When you minimized systems in simple quadratic or Morse potential, you could analytically differentiate the energy expression twice to obtain the Hessian. If you were really attentive, you might have figured out that you even could differentiate the variational energy expression for the hydrogen atom's Schrodinger equation twice and minimize it using the Newton-Rhapson method. But even in case of diatomic molecules, we do not have a simple analytical formula that relates the quantum mechanical energy to the distance between nuclei. However, the potential can be calculated point-by-point by solving the electronic Schrodinger equation for several internuclear distances. In some cases, the complex relationship between energy and molecular geometry can be analytically differentiated; computational chemists then say that analytic gradients and the Hessian are available. For example, programs suchas Gaussian and PC GAMESS / Firefly can calculate analytic first and second derivatives at the Hartree-Fock level. Such analytical derivatives are not always possible, for example PC GAMESS cannot calculate analytic derivatives at the MP2 level; Gaussian03 can calculate analytical MP2 second derivatives but not analytical CCSD(T) second derivatives. When analytic derivatives are not avalable, numeric differentiation of energies usng finite difference approximatios allows to calculate derivatives numerically. This is trivial for diatomics and practical with small molecules but becomes inefficient as the number of geometric variables increases.
We know from elementary geometry how to calculate the slope of line based on the coordinates of the two points that define the line: rise over run. The slope is the first derivative. It turns out that the logic that leads to the "rise over run" formula can be generalized to calculate higher derivatives. The method of obtaining derivatives of the function from the function values is called the finite difference method. To calculate the second derivative, minimally three points are needed, to calculate the third derivative minimally four points are neeted and so on. In practice, better accuracy is obtained by using more points; for example accurate first and second derivative at the minimum energy geometry can be calculated by evaluating the energy at five-point stencil about the energy minimum.
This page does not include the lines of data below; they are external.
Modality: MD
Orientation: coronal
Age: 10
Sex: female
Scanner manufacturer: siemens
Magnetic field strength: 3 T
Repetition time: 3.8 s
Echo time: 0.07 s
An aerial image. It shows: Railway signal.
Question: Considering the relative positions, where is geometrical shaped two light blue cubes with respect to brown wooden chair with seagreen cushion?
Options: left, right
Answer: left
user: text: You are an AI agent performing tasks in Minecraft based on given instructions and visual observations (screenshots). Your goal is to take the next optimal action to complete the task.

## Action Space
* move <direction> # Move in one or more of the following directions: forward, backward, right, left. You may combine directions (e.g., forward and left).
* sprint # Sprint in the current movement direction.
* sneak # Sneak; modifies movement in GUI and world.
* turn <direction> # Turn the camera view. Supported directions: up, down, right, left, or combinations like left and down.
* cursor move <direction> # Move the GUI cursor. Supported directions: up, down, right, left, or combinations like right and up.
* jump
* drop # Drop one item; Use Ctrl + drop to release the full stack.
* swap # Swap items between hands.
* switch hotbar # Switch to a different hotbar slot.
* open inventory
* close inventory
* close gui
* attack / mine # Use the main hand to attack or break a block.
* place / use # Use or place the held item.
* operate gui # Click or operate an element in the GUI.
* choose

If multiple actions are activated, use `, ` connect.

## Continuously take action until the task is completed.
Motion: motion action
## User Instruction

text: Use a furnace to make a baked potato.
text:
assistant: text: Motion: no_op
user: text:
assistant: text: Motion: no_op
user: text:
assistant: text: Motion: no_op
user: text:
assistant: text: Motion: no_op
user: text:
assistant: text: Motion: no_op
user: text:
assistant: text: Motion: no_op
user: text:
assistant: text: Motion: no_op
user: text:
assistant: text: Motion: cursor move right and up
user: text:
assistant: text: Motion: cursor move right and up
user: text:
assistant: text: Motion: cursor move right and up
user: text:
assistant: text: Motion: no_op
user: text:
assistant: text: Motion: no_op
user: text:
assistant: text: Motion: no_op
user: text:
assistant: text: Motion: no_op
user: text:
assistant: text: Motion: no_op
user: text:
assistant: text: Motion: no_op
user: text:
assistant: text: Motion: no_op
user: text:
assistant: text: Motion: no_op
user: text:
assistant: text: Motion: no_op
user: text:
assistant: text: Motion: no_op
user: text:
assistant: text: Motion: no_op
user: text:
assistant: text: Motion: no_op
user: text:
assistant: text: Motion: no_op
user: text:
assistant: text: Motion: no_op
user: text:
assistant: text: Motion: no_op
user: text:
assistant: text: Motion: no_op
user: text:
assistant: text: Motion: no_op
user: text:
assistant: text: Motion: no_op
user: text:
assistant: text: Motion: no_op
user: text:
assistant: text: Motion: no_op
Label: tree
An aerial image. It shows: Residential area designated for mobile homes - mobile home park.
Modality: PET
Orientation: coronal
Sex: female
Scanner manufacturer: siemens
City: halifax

The computation of derivatives via simple finite difference methods requires a set of evenly spaced energy values. The first derivative should be zero at the minimum; the second derivative determines the infrared wavenumber. The calculation of infrared frequency is straighforward after some combersome unit conversion (from Hartrees and Angstroms to cm-1. Here is an example code:
#!/usr/bin/env python
# Program to perform numeric vibrational analysis on F2:
from numpy import *
# Universal Constants and Conversion Factors
Hartree_to_J = 4.35974394e-18 # 2*R_inf * h * c; CODATA 2006
Ang_per_Meter = 1e+10
hp = 6.62606896e-34 # Planck constant in J*s, CODATA 2006
c = 29979245800 # Speed of light in cm / s
amu = 1.660538782e-27 # Atomic mass unit, CODATA 2006
# User should enter the minimum energy distance here
r_min = 1.40
# Atomic masses
m1 = 19.992440
m2 = 19.992440
mu = m1 * m2 / (m1 + m2)
print "Reduced mass in a.m.u. is:", mu
red_mass = mu * amu # in kg
# Return the first and second derivatives via O(h4) finite central difference
def Der12(r):
h = 0.01
r_p1 = r + 1*h
r_p2 = r + 2*h
r_m1 = r - 1*h
r_m2 = r - 2*h
# User could substitute energy values below from their QM calculations:
H_oo = Hamiltonian(r)
H_p1 = Hamiltonian(r_p1)
H_p2 = Hamiltonian(r_p2)
H_m1 = Hamiltonian(r_m1)
H_m2 = Hamiltonian(r_m2)
force_r = ( H_m2 - 8*H_m1 + 8*H_p1 - H_p2) / (12*h)
hessian_r = ( -H_m2 + 16*H_m1 - 30*H_oo + 16*H_p1 - H_p2) / (12*h*h)
return H_oo, force_r, hessian_r
def VibAnal(r):
d = Der12(r) # array of (energy,force,Hessian)
E = d[0] # Energy
F = d[1] # Force (first derivative)
H = d[2] # Hessian (second derivative)
print "Step Distance Energy Force Hessian "
print "0", r, E, F, H # Values
if (abs(F)) < 0.001:
freq = sqrt(H * Hartree_to_J * Ang_per_Meter * Ang_per_Meter / red_mass ) / (2 * pi * c)
print "**************************************************************"
print "* NUMERIC FREQUENCY ANALYSIS "
print "* STATIONARY POINT DISTANCE R =", r," "
print "* HARMONIC FREQUENCY =", freq, "cm-1"
print "**************************************************************"
else:
print "Force too large:", F
VibAnal(r_min)
You can use this code when answering your homework questions about fluorine.